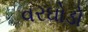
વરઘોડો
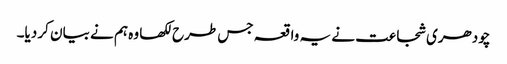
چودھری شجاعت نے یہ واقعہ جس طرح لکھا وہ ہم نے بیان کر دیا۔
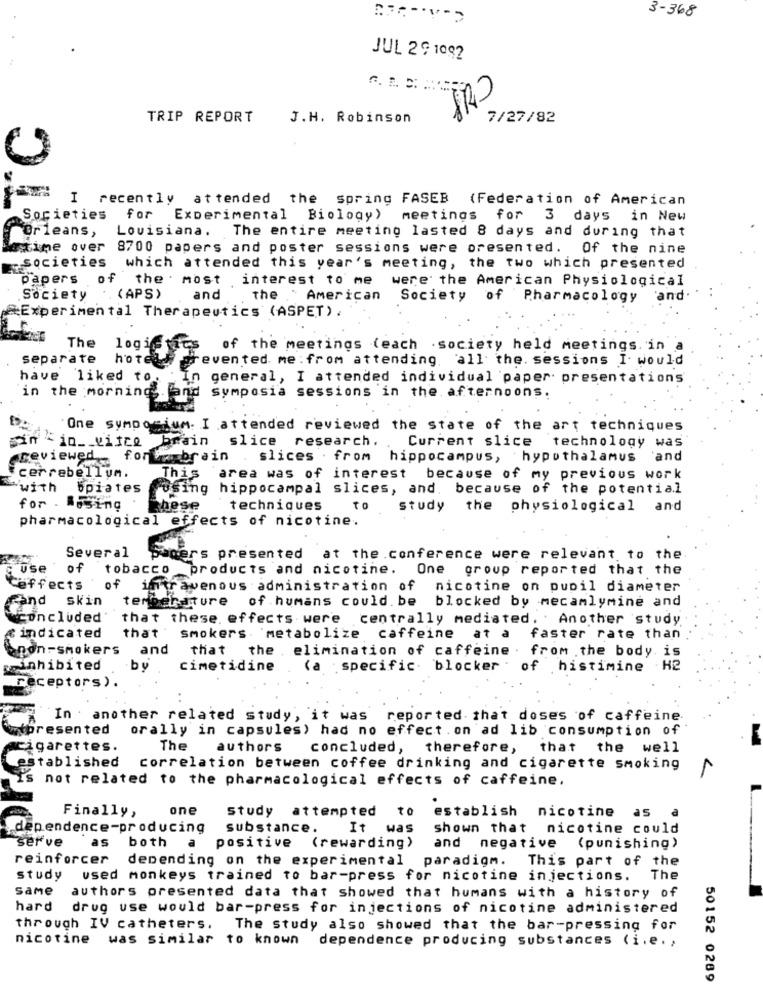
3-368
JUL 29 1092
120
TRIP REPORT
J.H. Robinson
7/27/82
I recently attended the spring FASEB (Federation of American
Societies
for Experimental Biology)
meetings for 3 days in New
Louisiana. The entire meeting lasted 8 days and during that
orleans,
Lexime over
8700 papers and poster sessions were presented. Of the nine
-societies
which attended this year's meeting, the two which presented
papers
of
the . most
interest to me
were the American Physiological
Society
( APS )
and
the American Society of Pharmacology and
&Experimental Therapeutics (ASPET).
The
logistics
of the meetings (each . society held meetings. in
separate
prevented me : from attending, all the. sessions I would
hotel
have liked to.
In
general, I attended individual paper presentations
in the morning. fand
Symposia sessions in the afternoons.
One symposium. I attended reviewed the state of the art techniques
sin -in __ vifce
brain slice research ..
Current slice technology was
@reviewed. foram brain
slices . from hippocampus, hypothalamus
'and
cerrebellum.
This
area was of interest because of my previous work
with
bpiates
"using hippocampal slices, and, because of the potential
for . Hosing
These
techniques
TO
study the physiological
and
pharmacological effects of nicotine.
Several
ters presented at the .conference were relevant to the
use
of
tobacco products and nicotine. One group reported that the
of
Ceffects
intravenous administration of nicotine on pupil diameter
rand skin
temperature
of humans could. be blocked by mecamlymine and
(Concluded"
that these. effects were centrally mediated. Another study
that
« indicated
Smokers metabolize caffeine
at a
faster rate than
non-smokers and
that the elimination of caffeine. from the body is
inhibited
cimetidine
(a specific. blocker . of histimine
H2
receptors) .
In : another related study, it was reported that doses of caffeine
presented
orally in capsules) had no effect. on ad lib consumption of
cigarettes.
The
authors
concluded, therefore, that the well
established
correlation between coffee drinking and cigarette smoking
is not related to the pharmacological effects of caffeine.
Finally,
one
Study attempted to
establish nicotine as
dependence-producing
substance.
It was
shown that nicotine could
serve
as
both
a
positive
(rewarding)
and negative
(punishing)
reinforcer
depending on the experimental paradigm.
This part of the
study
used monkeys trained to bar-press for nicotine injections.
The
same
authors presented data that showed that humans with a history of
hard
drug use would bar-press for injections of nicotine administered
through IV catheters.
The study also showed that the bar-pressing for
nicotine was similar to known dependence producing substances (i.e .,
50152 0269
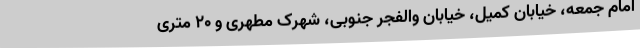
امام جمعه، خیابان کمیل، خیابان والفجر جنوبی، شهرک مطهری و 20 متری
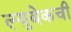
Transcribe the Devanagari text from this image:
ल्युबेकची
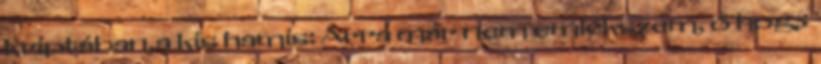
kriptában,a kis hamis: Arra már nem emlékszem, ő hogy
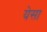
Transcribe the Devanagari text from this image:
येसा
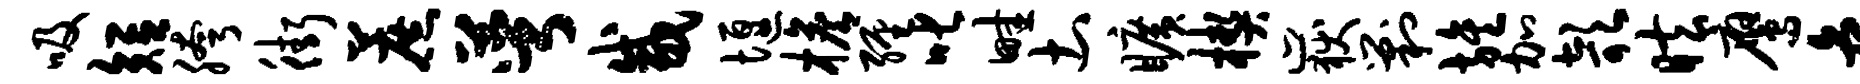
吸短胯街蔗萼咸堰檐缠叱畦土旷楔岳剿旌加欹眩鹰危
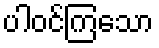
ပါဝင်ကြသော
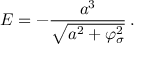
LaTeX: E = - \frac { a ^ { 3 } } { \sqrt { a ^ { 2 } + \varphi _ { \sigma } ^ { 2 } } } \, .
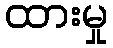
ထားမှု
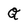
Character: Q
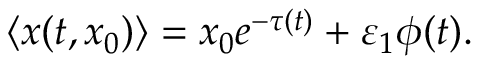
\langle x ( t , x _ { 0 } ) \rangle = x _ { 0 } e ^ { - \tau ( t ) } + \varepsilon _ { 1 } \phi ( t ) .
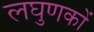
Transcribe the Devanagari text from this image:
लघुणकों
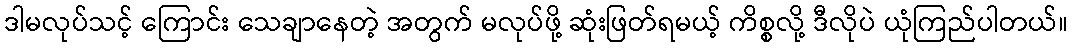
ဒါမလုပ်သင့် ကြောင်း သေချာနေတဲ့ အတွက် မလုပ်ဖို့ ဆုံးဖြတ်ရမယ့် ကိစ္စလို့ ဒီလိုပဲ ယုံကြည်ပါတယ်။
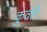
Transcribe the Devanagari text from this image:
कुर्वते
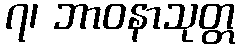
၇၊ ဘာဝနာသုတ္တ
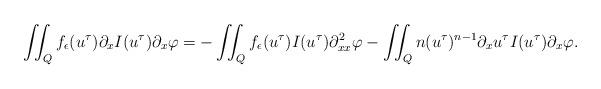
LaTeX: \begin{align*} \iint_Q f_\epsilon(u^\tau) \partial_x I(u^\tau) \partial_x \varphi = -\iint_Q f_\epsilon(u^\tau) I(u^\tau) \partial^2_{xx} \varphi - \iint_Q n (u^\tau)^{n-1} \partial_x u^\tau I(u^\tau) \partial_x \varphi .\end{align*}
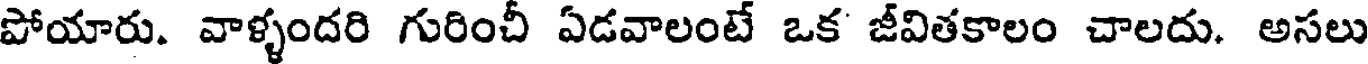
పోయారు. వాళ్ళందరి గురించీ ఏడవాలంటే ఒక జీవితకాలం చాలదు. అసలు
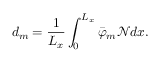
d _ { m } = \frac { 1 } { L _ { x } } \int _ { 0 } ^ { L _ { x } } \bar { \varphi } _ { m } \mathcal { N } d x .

----

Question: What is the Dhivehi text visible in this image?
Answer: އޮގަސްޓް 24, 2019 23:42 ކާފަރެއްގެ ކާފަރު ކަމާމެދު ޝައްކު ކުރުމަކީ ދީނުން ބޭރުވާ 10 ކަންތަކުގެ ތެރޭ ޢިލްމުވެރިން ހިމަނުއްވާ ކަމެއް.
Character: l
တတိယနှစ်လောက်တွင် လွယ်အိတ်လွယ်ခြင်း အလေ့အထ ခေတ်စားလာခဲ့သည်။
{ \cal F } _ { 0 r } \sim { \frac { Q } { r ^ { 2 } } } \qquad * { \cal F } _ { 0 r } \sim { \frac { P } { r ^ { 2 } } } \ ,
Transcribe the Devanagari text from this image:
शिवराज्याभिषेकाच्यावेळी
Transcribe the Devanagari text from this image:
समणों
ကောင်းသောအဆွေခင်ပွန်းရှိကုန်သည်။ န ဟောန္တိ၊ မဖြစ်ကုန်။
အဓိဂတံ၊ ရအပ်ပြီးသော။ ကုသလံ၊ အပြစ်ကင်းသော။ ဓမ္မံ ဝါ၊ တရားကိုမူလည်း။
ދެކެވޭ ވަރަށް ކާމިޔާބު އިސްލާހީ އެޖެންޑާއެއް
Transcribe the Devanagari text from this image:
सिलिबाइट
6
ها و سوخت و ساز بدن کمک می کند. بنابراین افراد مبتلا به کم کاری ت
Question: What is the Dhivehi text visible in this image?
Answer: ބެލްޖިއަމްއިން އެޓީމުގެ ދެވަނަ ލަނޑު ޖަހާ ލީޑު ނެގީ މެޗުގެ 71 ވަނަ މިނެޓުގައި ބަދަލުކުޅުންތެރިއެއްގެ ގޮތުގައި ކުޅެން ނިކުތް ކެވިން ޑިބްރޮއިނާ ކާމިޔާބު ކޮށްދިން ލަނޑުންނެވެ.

----

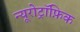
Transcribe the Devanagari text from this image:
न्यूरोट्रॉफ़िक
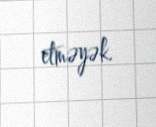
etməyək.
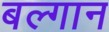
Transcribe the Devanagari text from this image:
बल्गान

----

Please reproduce, exactly as they appear above, the lines from the line containing "Answer: އޮގަސްޓް 24, 2019" up to and including the line containing "Answer: ބެލްޖިއަމްއިން އެޓީމުގެ".

Answer: އޮގަސްޓް 24, 2019 23:42 ކާފަރެއްގެ ކާފަރު ކަމާމެދު ޝައްކު ކުރުމަކީ ދީނުން ބޭރުވާ 10 ކަންތަކުގެ ތެރޭ ޢިލްމުވެރިން ހިމަނުއްވާ ކަމެއް.
Character: l
တတိယနှစ်လောက်တွင် လွယ်အိတ်လွယ်ခြင်း အလေ့အထ ခေတ်စားလာခဲ့သည်။
{ \cal F } _ { 0 r } \sim { \frac { Q } { r ^ { 2 } } } \qquad * { \cal F } _ { 0 r } \sim { \frac { P } { r ^ { 2 } } } \ ,
Transcribe the Devanagari text from this image:
शिवराज्याभिषेकाच्यावेळी
Transcribe the Devanagari text from this image:
समणों
ကောင်းသောအဆွေခင်ပွန်းရှိကုန်သည်။ န ဟောန္တိ၊ မဖြစ်ကုန်။
အဓိဂတံ၊ ရအပ်ပြီးသော။ ကုသလံ၊ အပြစ်ကင်းသော။ ဓမ္မံ ဝါ၊ တရားကိုမူလည်း။
ދެކެވޭ ވަރަށް ކާމިޔާބު އިސްލާހީ އެޖެންޑާއެއް
Transcribe the Devanagari text from this image:
सिलिबाइट
6
ها و سوخت و ساز بدن کمک می کند. بنابراین افراد مبتلا به کم کاری ت
Question: What is the Dhivehi text visible in this image?
Answer: ބެލްޖިއަމްއިން އެޓީމުގެ ދެވަނަ ލަނޑު ޖަހާ ލީޑު ނެގީ މެޗުގެ 71 ވަނަ މިނެޓުގައި ބަދަލުކުޅުންތެރިއެއްގެ ގޮތުގައި ކުޅެން ނިކުތް ކެވިން ޑިބްރޮއިނާ ކާމިޔާބު ކޮށްދިން ލަނޑުންނެވެ.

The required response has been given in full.